During the last couple of days, the ransomware hack known as WannaCry and WannaCrypt has made a massive impact on hospitals, government agencies, schools, and other organisations all around the globe.
Even though this is probably one of the data security threats with the most impact in existence, luckily, the threat is now on the decline. Still, those who use older versions of Windows continue to be vulnerable to the hack. The threat of WannaCry is so huge that certain versions of operating systems, such as Windows XP, will receive an emergency patch even though they are no longer officially supported.
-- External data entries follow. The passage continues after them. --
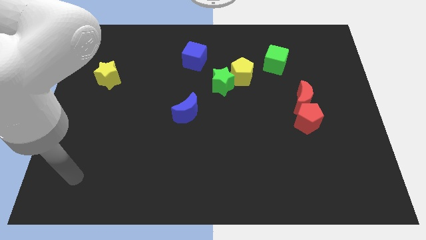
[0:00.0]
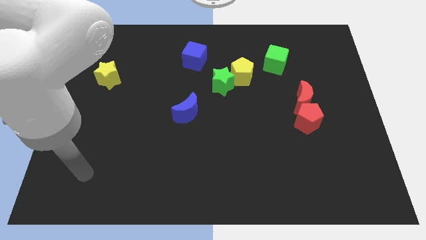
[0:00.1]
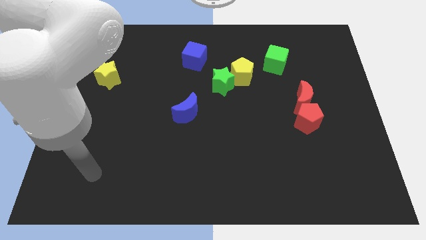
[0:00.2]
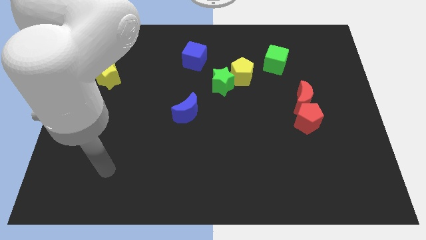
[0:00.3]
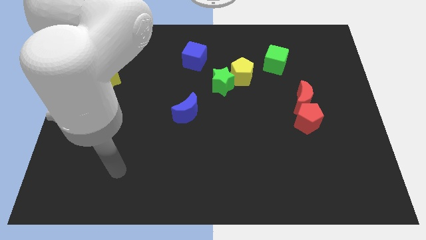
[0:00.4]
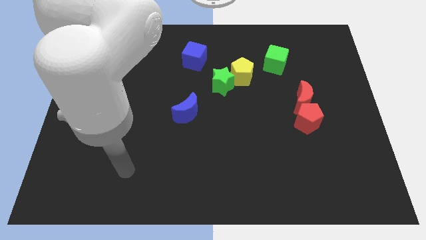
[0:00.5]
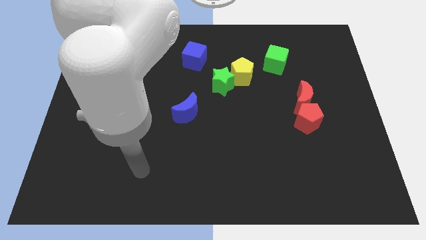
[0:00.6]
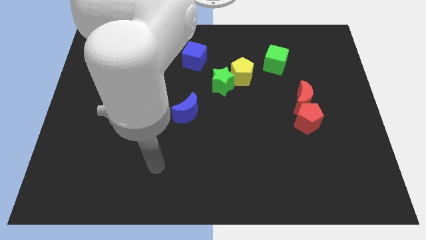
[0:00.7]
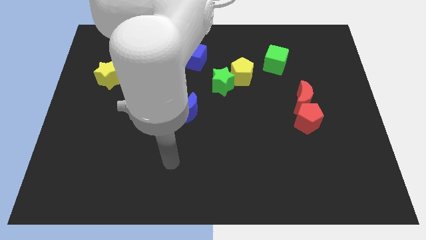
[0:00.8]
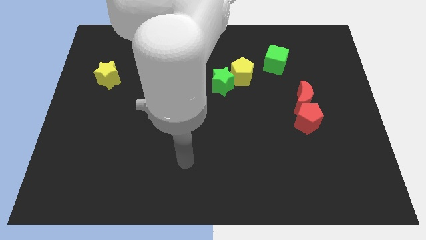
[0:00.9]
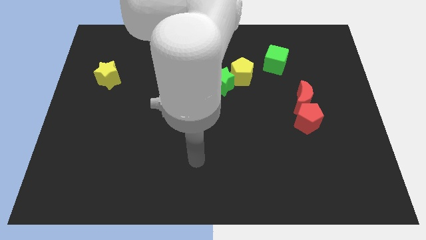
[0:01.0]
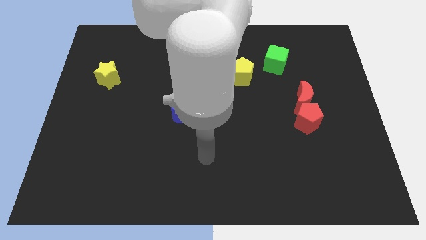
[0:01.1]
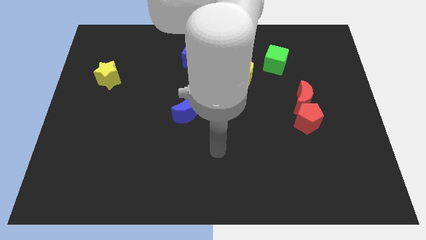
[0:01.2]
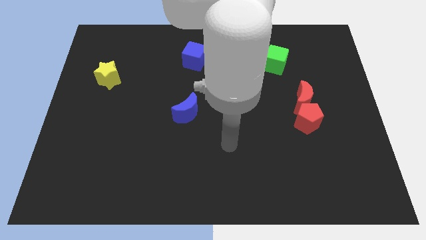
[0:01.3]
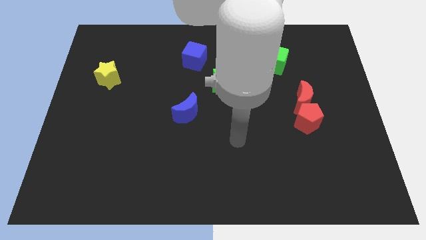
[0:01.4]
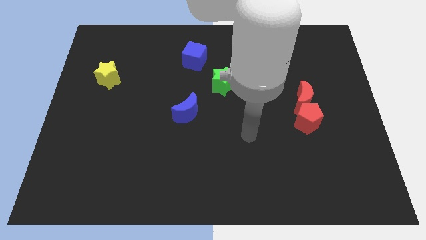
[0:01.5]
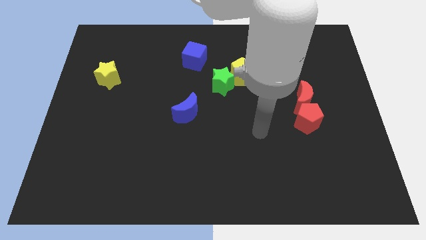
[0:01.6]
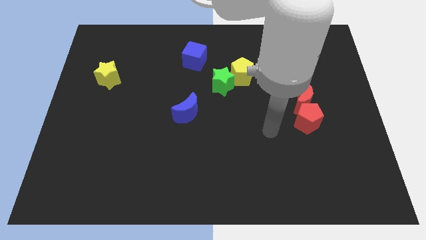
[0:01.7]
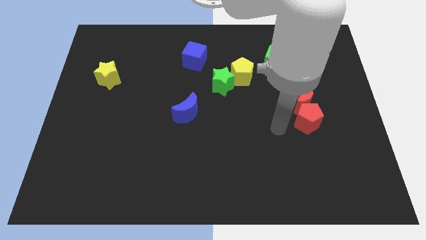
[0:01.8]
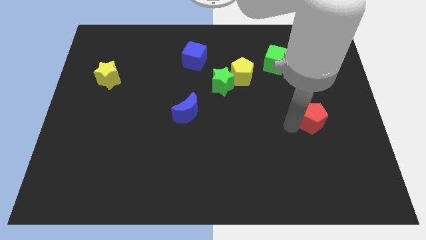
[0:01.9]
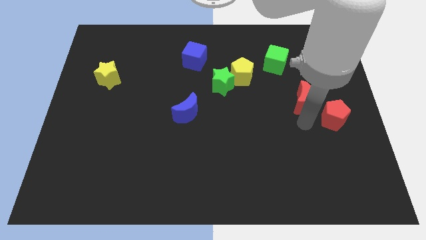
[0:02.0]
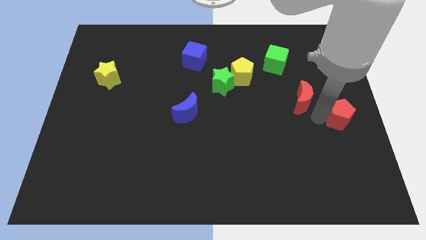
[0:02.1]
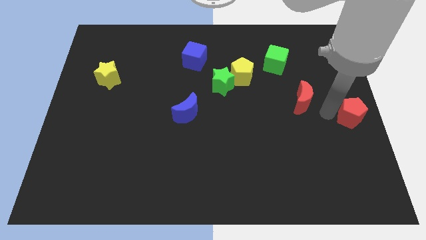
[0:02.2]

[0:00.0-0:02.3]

Once infected, the ransomware would lock you out of the system and demand a ransom to be paid in Bitcoin, since the untraceable nature of the cryptocurrency is quite handy for helping the culprits stay anonymous.
According to Jakub Kroustek, the ransomware appears to have hit over 100,000 systems, more than half in Russia.
Interestingly enough, the ransomware did have a kill switch coded into it, and activating it has helped to stop it from spreading. MalwareTech, a UK-based data security researcher, has noticed that the script was querying an unregistered domain. If the query was unsuccessful, the malware would lock up the system, otherwise nothing would happen. To prevent further damage, he quickly moved to snap it up.
However, if the culprits behind the script try something like this again, it is possible they will not make the same mistake, and exclude this feature in future versions.
Unfortunately, that did not solve the problem for those who have already been affected.